New Hampshire lawmakers are seeking new assistance for plaintiffs in toxic chemical lawsuits, pushing a bill that would help force companies to pay for medical tests for those who have ingested toxins.

A late amendment to a Senate bill this week would create a new statutory scheme for “medical monitoring” – a type of relief in which negligent companies must pay for the tests of those who have been exposed to harmful substances.

The law would not require that kind of relief, which would be given at a court’s discretion. And nothing in New Hampshire law is stopping a court from mandating that relief now, without a new law.

But providing a statutory process for the relief could dramatically increase the chances that plaintiffs are successful, lawyers on both sides say.

Advocates say that the proposed legal change could be a boon to New Hampshire families affected by the state’s perfluoroalkyl substances (PFAS) crisis.

Those chemicals, which have been found in water sources in Plymouth as well as areas of the Seacoast, have been linked to cancer, organ failure, and other conditions. But the full health side effects are not fully known, and those who have ingested PFAS require medical monitoring to catch potential ailments like cancer early on.

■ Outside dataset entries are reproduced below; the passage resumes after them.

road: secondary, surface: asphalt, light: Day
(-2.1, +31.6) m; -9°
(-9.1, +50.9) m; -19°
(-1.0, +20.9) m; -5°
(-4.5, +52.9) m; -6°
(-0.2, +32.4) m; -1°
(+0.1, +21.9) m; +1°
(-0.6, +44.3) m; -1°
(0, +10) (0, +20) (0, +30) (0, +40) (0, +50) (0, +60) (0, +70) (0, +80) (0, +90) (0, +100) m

New Hampshire has the highest rate of childhood cancer in the nation, according to a Centers for Disease Control and Prevention report in 2018, largely owing to a “cancer cluster” in the southeast.

Under New Hampshire’s common law – the court-driven precedent that does not require a statute – plaintiffs already have the ability to seek medical monitoring relief. But the bill would standardize the approach.

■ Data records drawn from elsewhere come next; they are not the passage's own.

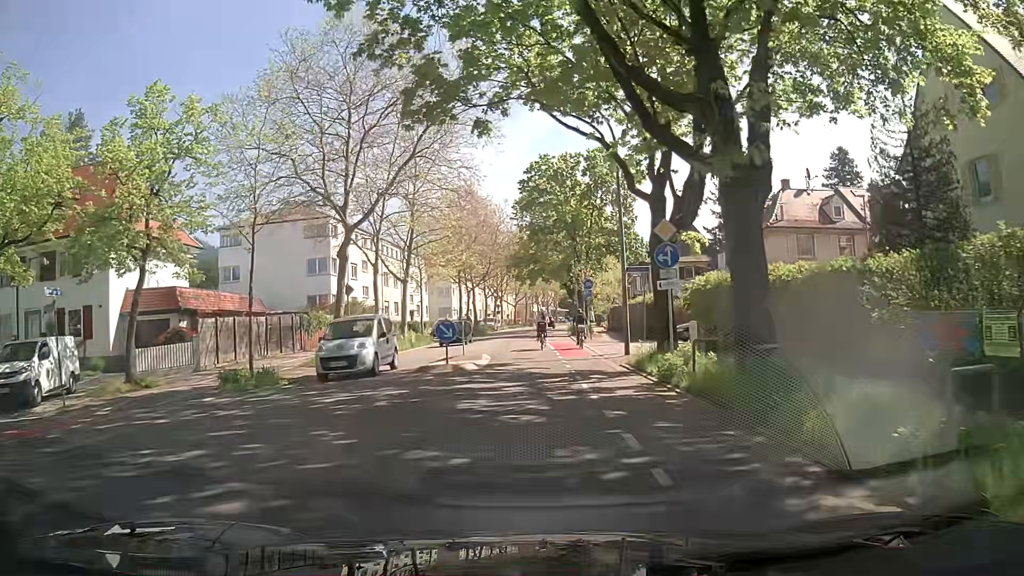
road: secondary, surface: asphalt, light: Day
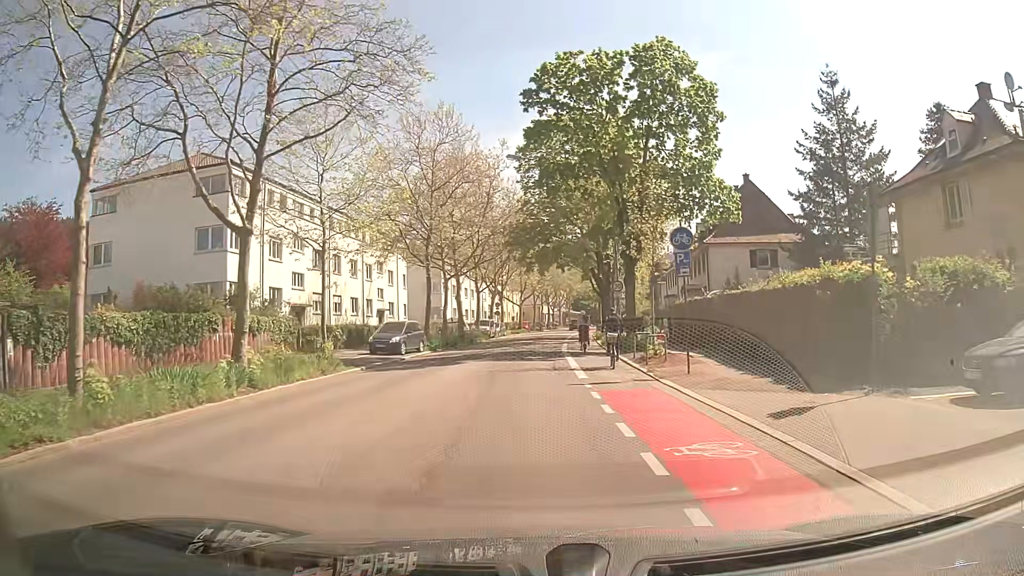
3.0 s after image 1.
(+0.2, +23.3) m; +1°
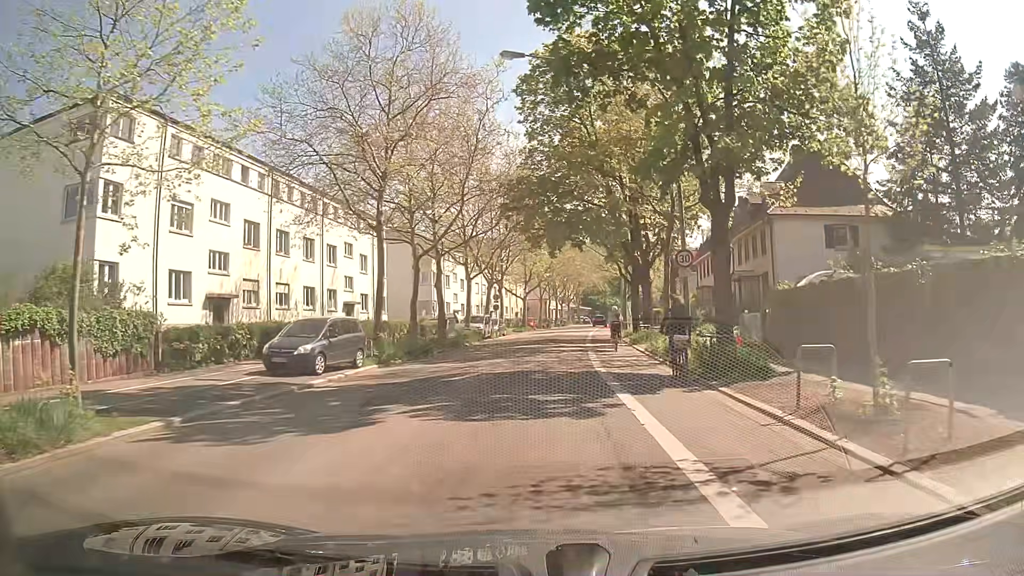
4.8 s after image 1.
(-0.3, +13.9) m; -2°
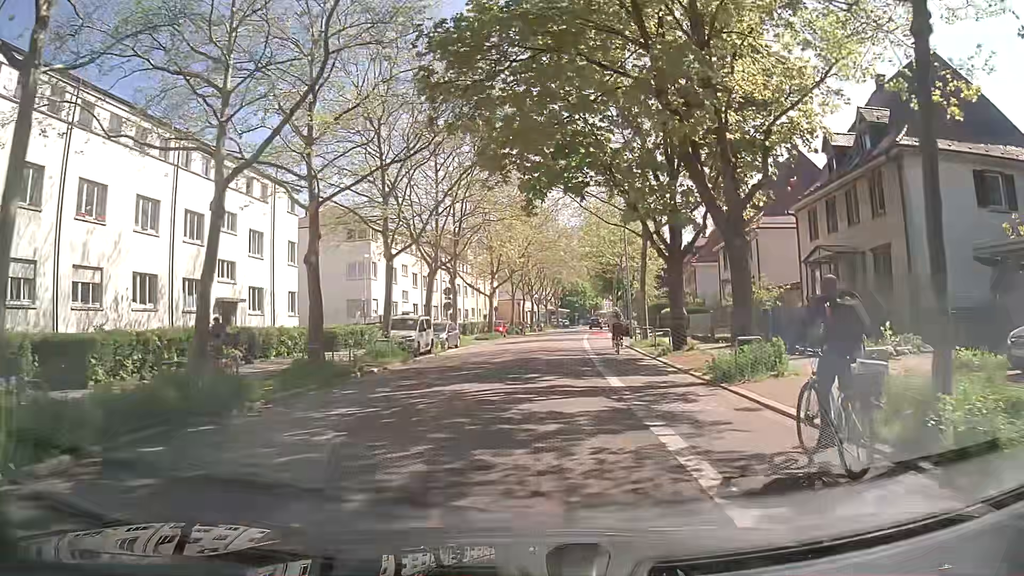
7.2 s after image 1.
(+0.7, +18.6) m; +4°
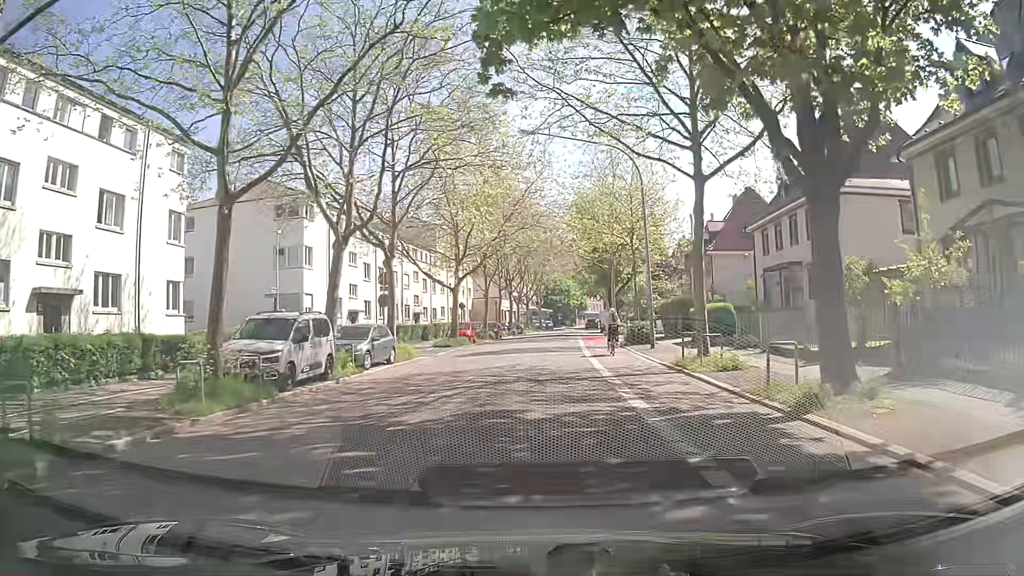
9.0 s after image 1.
(0.0, +13.9) m; +1°
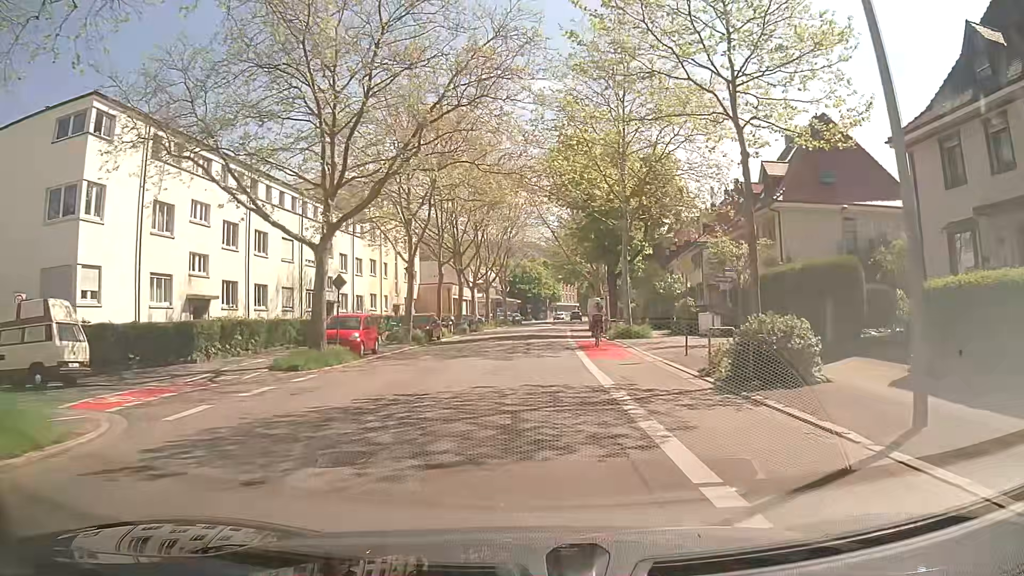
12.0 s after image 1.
(+0.6, +23.1) m; +2°
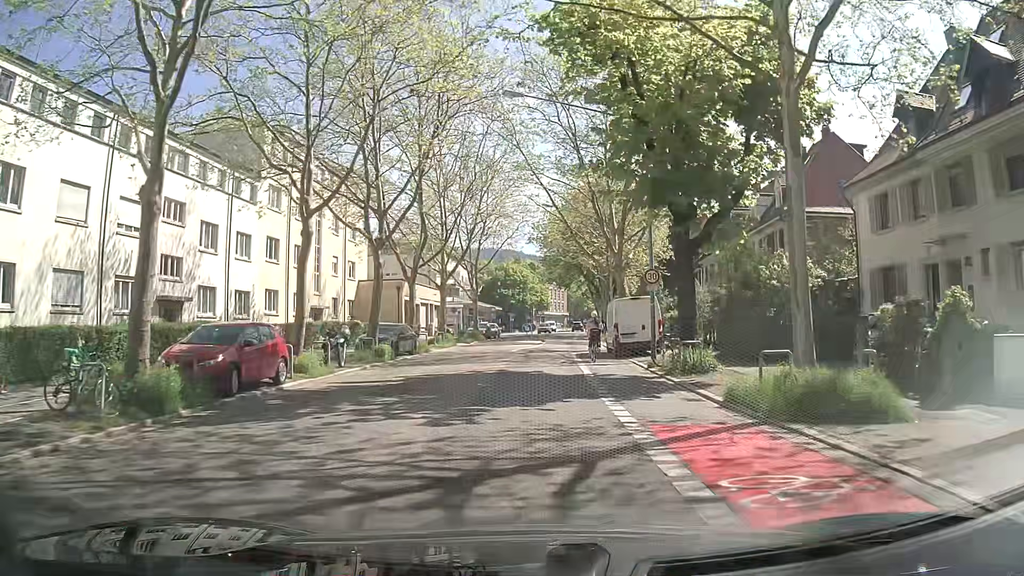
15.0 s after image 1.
(+0.5, +23.2) m; +1°
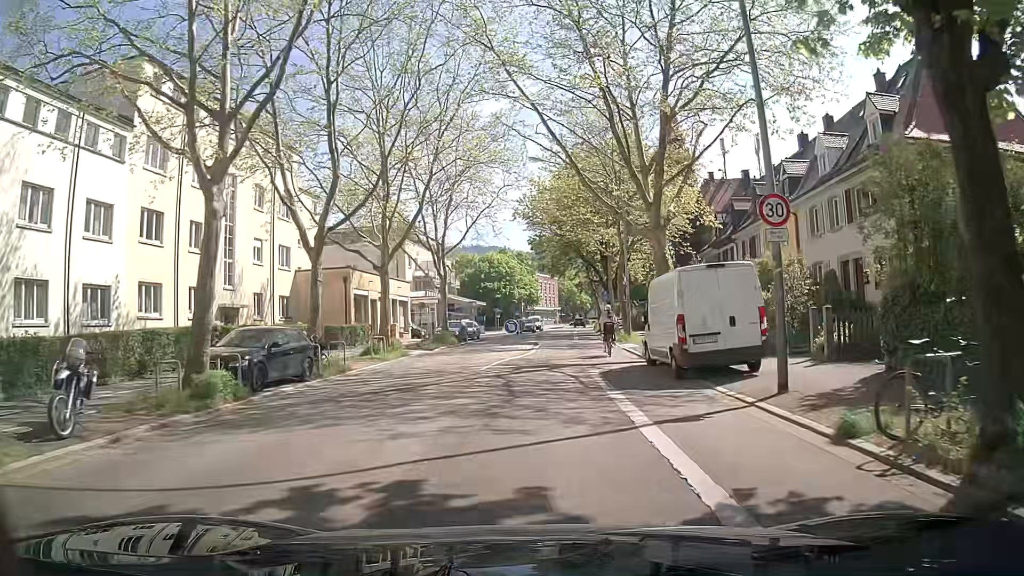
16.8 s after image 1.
(+0.4, +13.9) m; 0°
(+1, +10) (+2, +20) (+3, +30) (+3, +40) (+3, +50) (+4, +60) (+5, +70) (+6, +80) (+7, +90) (+8, +100) m

In order to get the relief through the proposed law, a court must find that a company negligently caused the plaintiff to be exposed to chemicals, and that those chemicals have led to “an increased risk of illness, disease, or latent disease.”

The plaintiff does not need to prove that they have symptoms of that disease – just that they are at risk of developing them.

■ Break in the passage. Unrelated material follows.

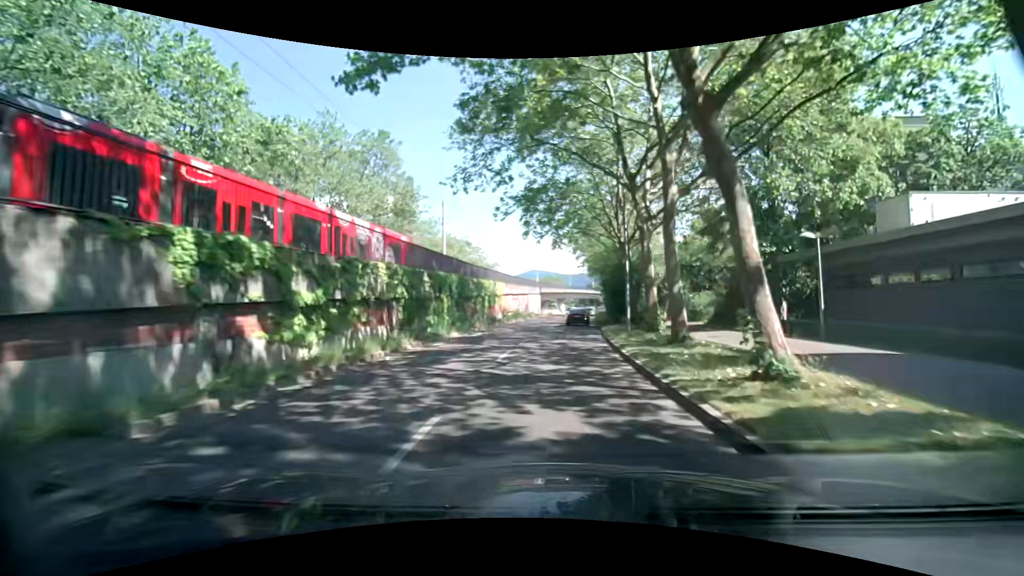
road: tertiary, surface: asphalt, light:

If the lawsuit is successful, the court can order the negligent company to cover the costs of “reasonably necessary periodic examinations.” But the relief is limited to those plaintiffs who sue within three years of discovering the exposure.

The effort received bipartisan support in the House, after being drafted with Democratic and Republican support and passing the House floor and key committees with near-unanimity. But it crashed into opposition in the state Senate Wednesday, after Republicans said the legislation was too far-reaching and should have been centered on PFAS cases, not all toxic chemical cases.

“If you want to talk about targeting areas that have been identified as having PFAS issues I can support that,” said Sen. Sharon Carson, a Londonderry Republican. “But this is ... too broad. It’s just way, way too broad.”

One industry lobbyist objected to the breadth of the potential claims. Gregory Smith, a partner at McClane Middleton representing Waste Management of New Hampshire, requested an amendment to require that plaintiff’s prove physical injury has already occurred to get the monitoring relief.

“Anyone who’s going to make the claim will have to show even if it’s on a cellular level, at a microscopic level, there’s some evidence that their body has been injured,” Smith said Wednesday, explaining his proposed change. “Otherwise what the bill does is allow the diversion of resources to people who have not been injured, have not shown they’ve been injured, have never been injured, and away from people who may well be injured.”

But Sen. Shannon Chandley, an Amherst Democrat, rejected the proposal.

“The whole point of monitoring is to see what happens as a result of exposure to the toxin,” she said. “And if we say that proof of physical injury is necessary, then that seems to defeat the purpose of monitoring to me.”

The Judiciary Committee voted to recommend the amendment, 3-2, on a party line vote. The measure will be debated by the Senate on Monday.